**ACTION ITEM:**
Scan the records for lines with the word "Unchanged", and copy every such line.

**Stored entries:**
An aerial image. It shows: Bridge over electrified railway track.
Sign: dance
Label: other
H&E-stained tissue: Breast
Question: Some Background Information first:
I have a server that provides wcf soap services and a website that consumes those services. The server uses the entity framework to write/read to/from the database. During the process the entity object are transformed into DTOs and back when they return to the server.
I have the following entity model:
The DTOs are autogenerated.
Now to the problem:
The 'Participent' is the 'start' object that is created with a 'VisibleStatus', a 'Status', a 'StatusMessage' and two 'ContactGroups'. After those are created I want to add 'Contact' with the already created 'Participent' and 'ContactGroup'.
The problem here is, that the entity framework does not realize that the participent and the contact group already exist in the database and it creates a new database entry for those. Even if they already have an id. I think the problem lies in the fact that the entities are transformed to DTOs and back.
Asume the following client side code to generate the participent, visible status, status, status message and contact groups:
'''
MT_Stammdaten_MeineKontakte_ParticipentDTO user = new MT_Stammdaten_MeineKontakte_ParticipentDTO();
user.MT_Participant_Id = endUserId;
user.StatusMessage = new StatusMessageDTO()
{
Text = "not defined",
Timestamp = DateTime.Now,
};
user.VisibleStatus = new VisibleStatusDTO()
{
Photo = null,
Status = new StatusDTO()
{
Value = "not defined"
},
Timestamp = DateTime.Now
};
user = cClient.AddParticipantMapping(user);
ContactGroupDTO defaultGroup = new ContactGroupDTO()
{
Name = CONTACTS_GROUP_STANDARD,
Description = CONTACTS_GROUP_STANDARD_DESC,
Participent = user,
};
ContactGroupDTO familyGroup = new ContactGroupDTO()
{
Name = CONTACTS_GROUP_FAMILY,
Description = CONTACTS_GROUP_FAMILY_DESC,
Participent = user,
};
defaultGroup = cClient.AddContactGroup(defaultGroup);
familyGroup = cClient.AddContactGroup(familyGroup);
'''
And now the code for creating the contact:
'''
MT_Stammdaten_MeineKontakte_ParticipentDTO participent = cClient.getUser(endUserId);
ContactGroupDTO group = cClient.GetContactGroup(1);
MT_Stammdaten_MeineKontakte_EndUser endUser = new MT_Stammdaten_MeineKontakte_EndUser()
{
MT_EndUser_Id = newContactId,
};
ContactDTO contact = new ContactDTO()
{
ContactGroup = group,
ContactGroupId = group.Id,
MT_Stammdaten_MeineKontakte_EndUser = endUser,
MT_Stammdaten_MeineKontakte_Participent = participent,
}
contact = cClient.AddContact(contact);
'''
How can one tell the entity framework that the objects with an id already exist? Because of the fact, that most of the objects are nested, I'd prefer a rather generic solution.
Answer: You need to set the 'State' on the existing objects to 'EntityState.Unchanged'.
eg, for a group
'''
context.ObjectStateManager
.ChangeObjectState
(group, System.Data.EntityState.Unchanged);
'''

**TASK SOLUTION:**
Answer: You need to set the 'State' on the existing objects to 'EntityState.Unchanged'.
(group, System.Data.EntityState.Unchanged);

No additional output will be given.